Brisbane Airport Rail Returns: Airtrain Reopens This Saturday

Airtrain Returns to Full Service This Saturday

The long wait for a direct rail link to Brisbane Airport is finally over. After 23 consecutive days without a train, the Airtrain connection will return to full service on Saturday, 26 April 2026. This marks the end of the longest shutdown in the service’s history, restoring the 22-minute journey from Central to the airport terminals.

Passengers who have endured road-only transfers since Good Friday, 3 April, will see a dramatic change in their travel experience. The return of the train means the end of 60–90 minute taxi queues and the surge-priced rideshare fares that have plagued airport access during the closure. As reported by Travel Tourister, the first service is scheduled to depart at approximately 06:04 on the weekend.

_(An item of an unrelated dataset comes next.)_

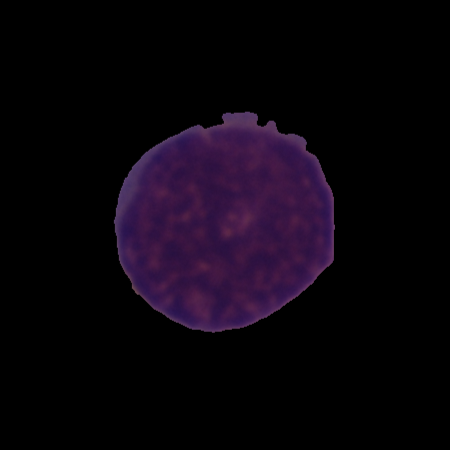
Label: cancer

Surviving the Anzac Day Traffic Crunch

While the rail link returns tomorrow, today presents a unique challenge for anyone flying out of Brisbane. Saturday, 25 April, is Anzac Day, and the city is operating in memorial mode with significant disruptions. Brisbane City road closures were in place between 2am and 3pm on 25 April for the Anzac Day commemorations.

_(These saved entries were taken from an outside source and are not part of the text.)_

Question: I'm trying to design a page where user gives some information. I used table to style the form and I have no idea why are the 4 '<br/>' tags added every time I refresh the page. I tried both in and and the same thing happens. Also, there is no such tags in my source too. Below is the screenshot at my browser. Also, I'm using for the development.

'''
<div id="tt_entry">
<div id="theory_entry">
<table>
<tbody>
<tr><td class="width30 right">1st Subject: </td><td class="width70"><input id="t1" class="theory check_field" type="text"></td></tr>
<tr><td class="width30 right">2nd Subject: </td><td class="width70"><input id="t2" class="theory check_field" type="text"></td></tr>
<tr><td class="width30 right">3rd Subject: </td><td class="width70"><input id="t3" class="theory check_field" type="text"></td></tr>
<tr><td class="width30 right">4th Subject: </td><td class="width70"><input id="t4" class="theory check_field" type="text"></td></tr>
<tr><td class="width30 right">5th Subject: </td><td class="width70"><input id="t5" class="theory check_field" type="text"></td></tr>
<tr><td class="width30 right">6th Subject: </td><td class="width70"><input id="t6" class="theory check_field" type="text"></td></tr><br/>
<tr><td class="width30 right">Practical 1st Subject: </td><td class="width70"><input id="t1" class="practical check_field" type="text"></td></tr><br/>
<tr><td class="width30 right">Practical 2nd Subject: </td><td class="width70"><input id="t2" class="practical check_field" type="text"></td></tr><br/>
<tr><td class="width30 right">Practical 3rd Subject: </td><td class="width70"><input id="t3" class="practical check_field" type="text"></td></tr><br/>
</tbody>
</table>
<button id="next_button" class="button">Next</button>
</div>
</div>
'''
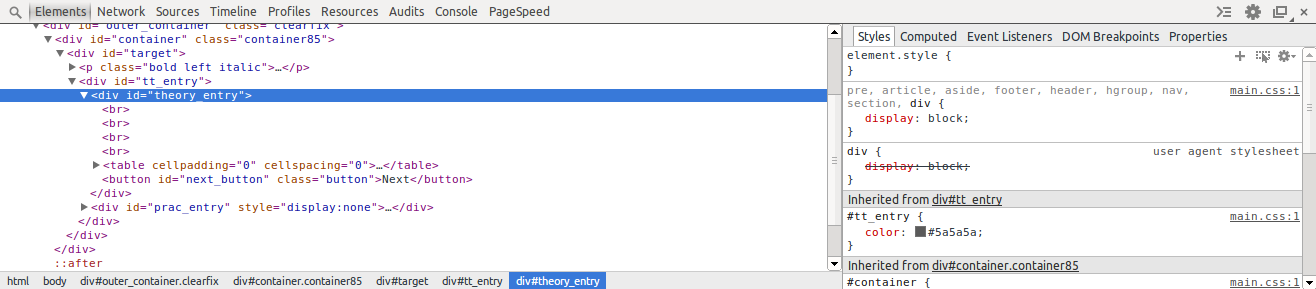
Answer: '<br>' tags are never added automaticly. By the way there are '<br>', remove those and it should be fine.

Temporary parking restrictions have been active since 7pm on Friday, 24 April, and will remain in force until 11:59pm tonight. These restrictions affect the CBD arterials that taxis and rideshares use to access the airport from the south and inner north. The Anzac Square precinct, located adjacent to Central Station, sits directly in the path of these routes.

For flights before 7am today, the 2am deadline to be in a taxi or rideshare has already passed, meaning those passengers are currently navigating the active road closures. For flights between 7am and 12pm, road closures remain in place until approximately 3pm, meaning CBD-origin trips to the airport will face significant delays.

The Scale of the 23-Day Shutdown

The closure began on Good Friday, 3 April, when Queensland Rail launched what is being described as the most ambitious rail engineering programme in Brisbane’s modern history. The works include the Cross River Rail tunnel integration, the Beerburrum to Nambour Stage 1 rail upgrade, and the installation of the European Train Control System.

Queensland Rail and Translink deliberately compressed these massive infrastructure projects into a single 23-day window rather than spreading closures across many weekends. The result was that approximately 600,000 passengers navigated the airport without rail access. During this period, zero direct Airtrain trains ran between Eagle Junction and the city centre.

Passengers were forced to rely on the Eagle Junction bus transfer or face the congested highway approaches to BNE. Carriers including Qantas, Jetstar, Virgin Australia, and international airlines like Singapore Airlines and United Airlines operated throughout the shutdown, but their passengers faced the added burden of road-only access.

What Changes When the Train Returns

Starting with the first service on Saturday, 26 April, the travel landscape resets. The 22-minute journey from Central to the airport resumes, and the need for the Eagle Junction bus transfer disappears. Surge pricing on Uber and DiDi for airport transfers is expected to drop away as the rail option returns.

For the inner north suburbs of New Farm, Teneriffe, and Newstead, the return of the Airtrain means a reliable, predictable link to the airport once again. The 23-day disruption is officially over, and Brisbane Airport returns to being a transport hub rather than a road-access problem.

Travellers should confirm the exact first service time at airtrain.com.au, as schedules can vary. With the Anzac Day road closures now in the past for early morning departures, the only remaining option for those who missed the pre-dawn window is to wait for the train to resume service tomorrow.